Given entries:

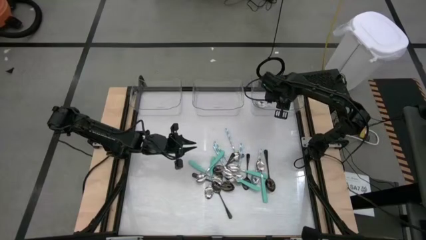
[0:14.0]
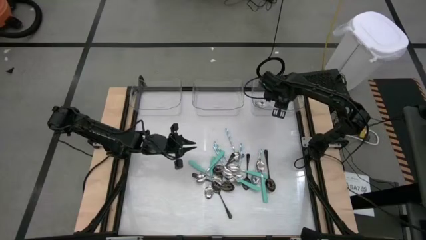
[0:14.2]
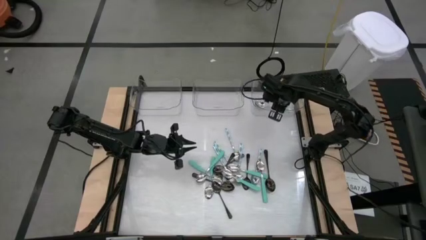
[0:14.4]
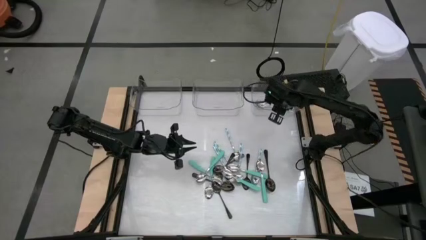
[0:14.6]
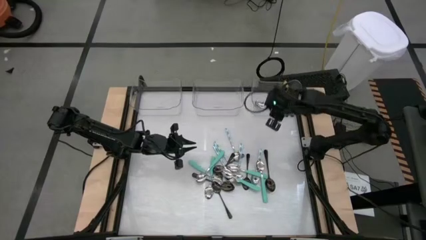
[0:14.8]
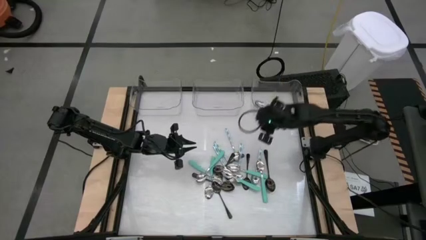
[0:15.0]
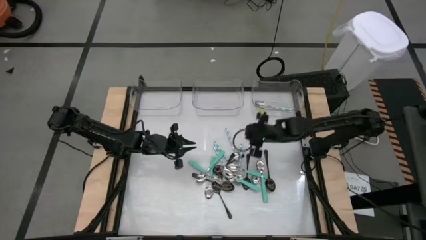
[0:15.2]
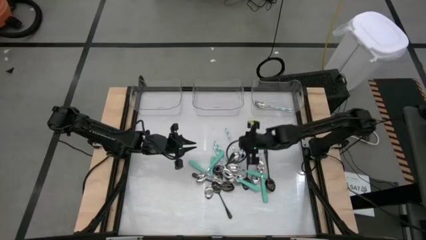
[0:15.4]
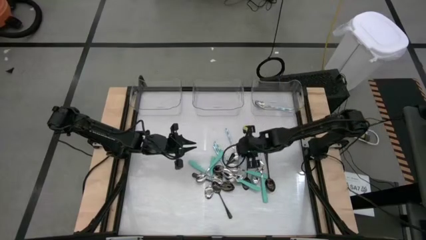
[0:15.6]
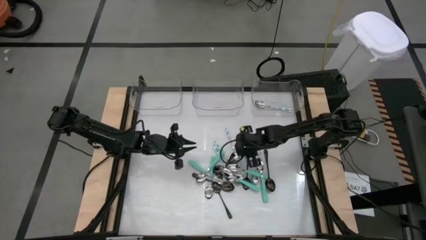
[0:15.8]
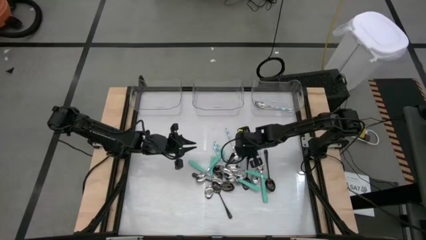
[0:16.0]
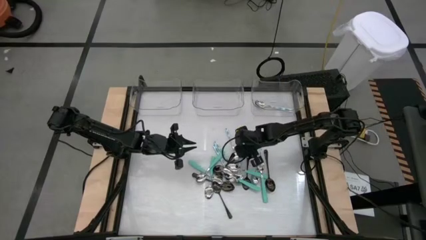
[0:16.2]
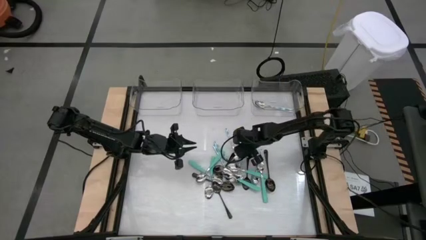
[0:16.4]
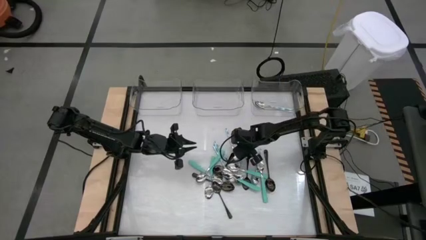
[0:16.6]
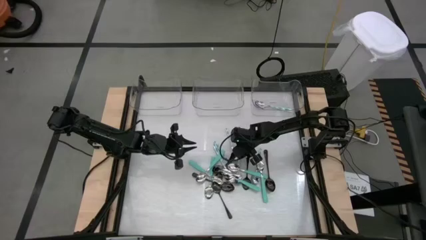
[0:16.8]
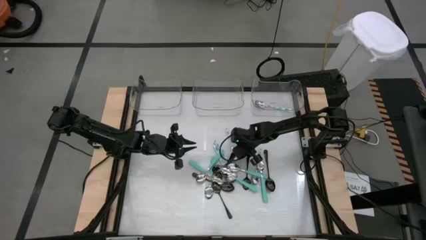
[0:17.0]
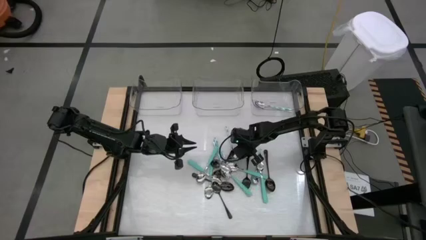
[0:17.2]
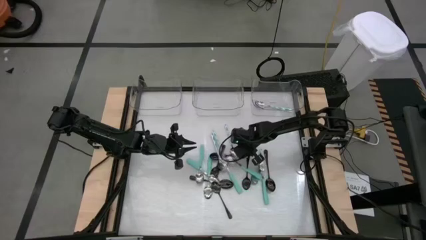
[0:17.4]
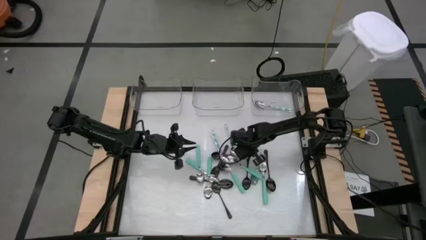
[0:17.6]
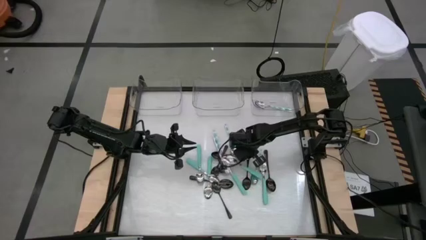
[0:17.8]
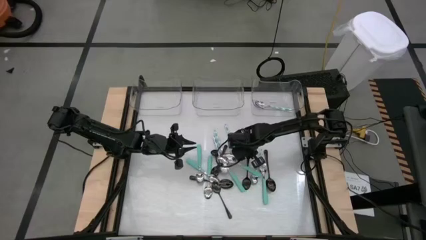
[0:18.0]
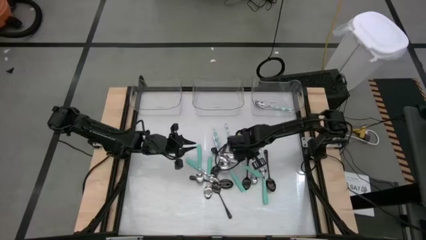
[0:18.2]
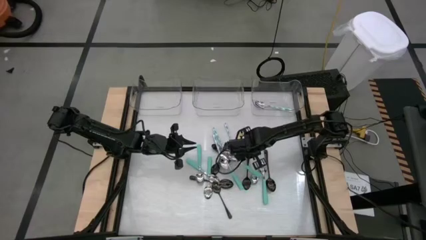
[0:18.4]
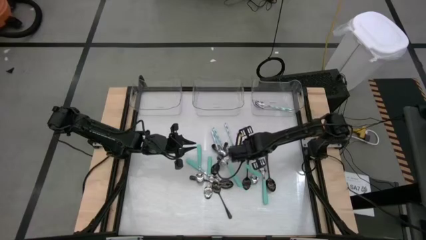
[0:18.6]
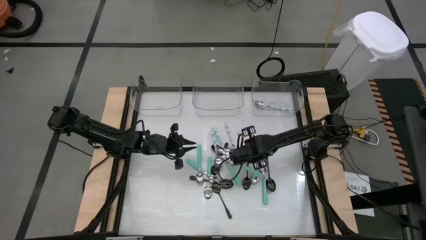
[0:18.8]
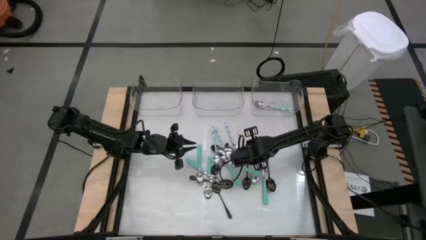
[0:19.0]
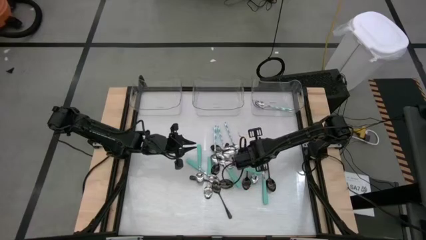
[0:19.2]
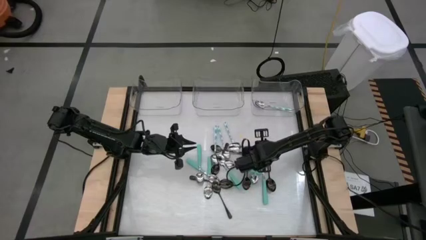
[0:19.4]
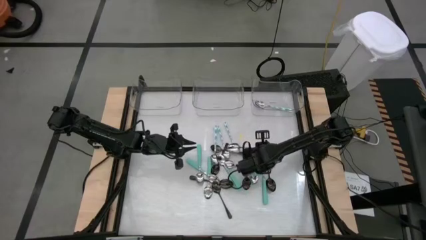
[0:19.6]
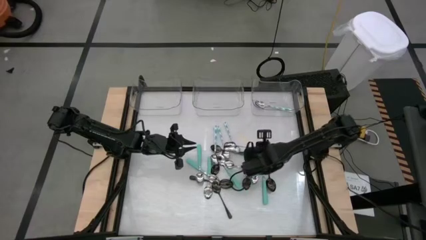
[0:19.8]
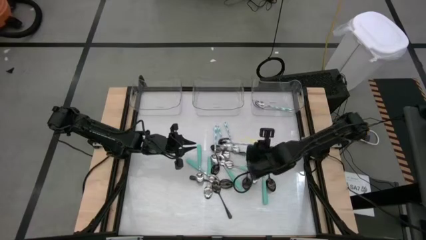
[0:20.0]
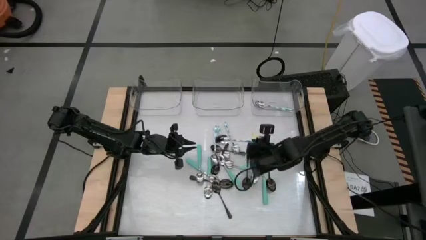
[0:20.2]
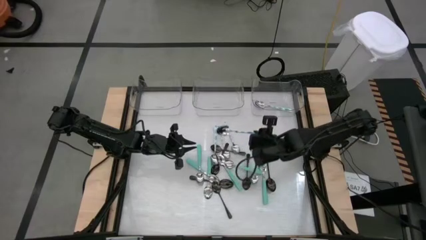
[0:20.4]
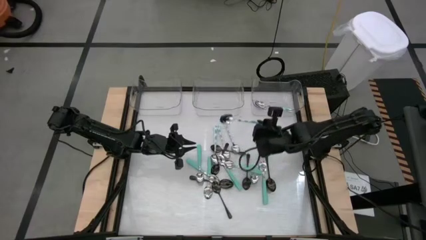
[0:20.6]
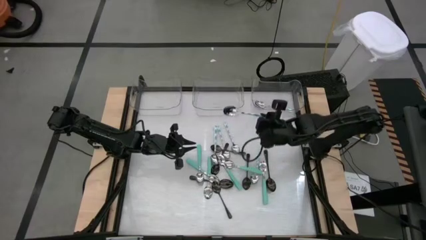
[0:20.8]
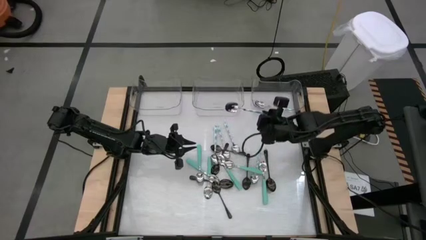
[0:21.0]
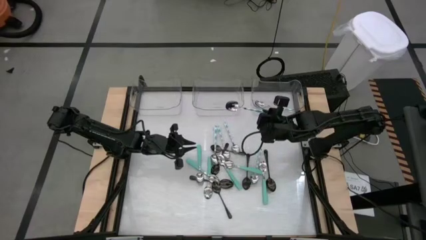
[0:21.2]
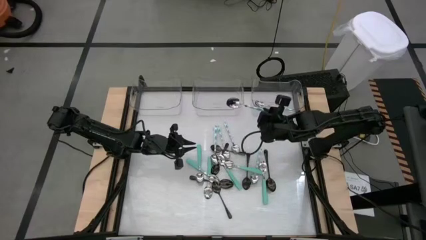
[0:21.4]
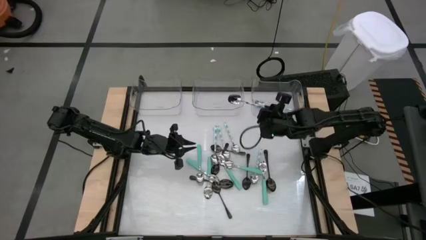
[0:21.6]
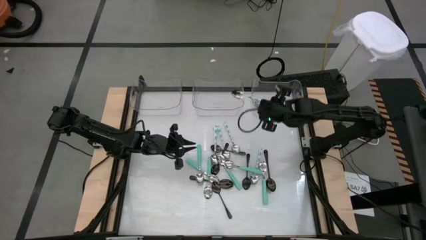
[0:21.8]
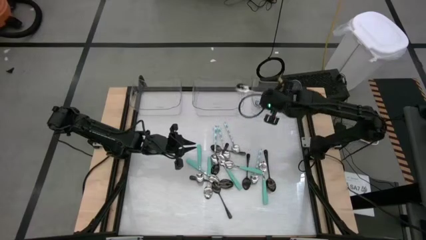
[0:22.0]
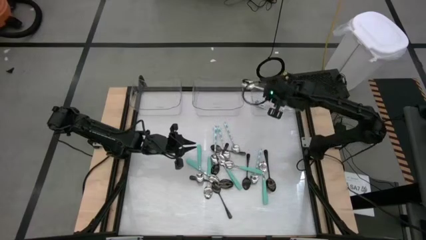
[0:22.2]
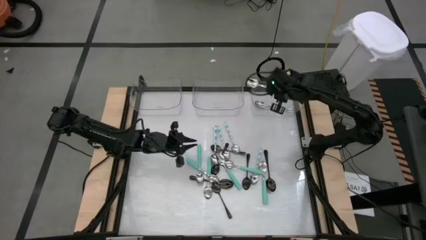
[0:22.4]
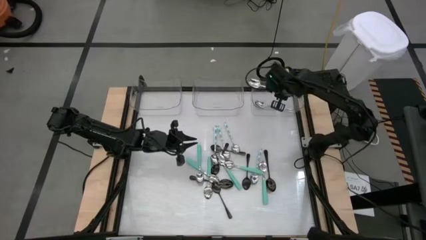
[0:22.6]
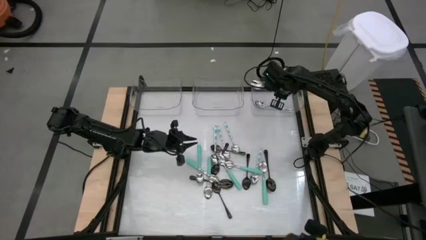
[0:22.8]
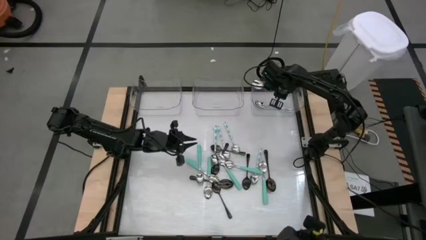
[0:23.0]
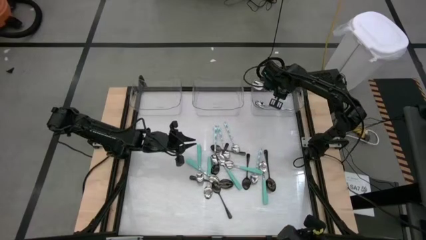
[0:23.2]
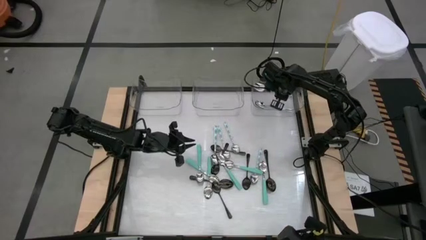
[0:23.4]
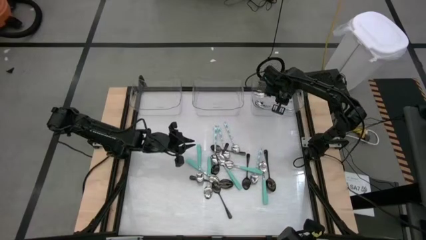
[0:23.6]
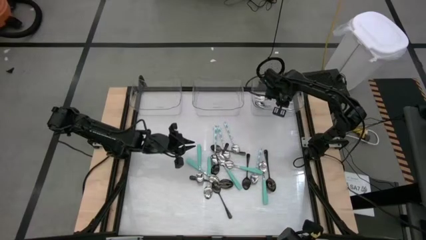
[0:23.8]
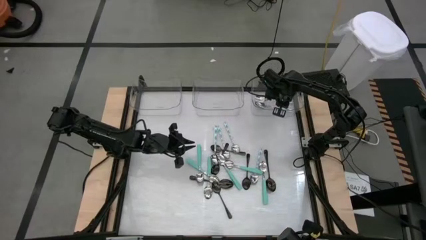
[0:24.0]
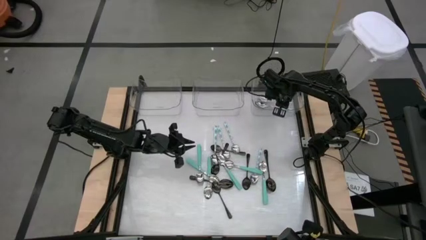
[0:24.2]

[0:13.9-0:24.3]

Instructions to follow:
Reproduce the data verbatim and omit each image.

Written answer:
[0:14.0]
[0:14.2]
[0:14.4]
[0:14.6]
[0:14.8]
[0:15.0]
[0:15.2]
[0:15.4]
[0:15.6]
[0:15.8]
[0:16.0]
[0:16.2]
[0:16.4]
[0:16.6]
[0:16.8]
[0:17.0]
[0:17.2]
[0:17.4]
[0:17.6]
[0:17.8]
[0:18.0]
[0:18.2]
[0:18.4]
[0:18.6]
[0:18.8]
[0:19.0]
[0:19.2]
[0:19.4]
[0:19.6]
[0:19.8]
[0:20.0]
[0:20.2]
[0:20.4]
[0:20.6]
[0:20.8]
[0:21.0]
[0:21.2]
[0:21.4]
[0:21.6]
[0:21.8]
[0:22.0]
[0:22.2]
[0:22.4]
[0:22.6]
[0:22.8]
[0:23.0]
[0:23.2]
[0:23.4]
[0:23.6]
[0:23.8]
[0:24.0]
[0:24.2]

[0:13.9-0:24.3]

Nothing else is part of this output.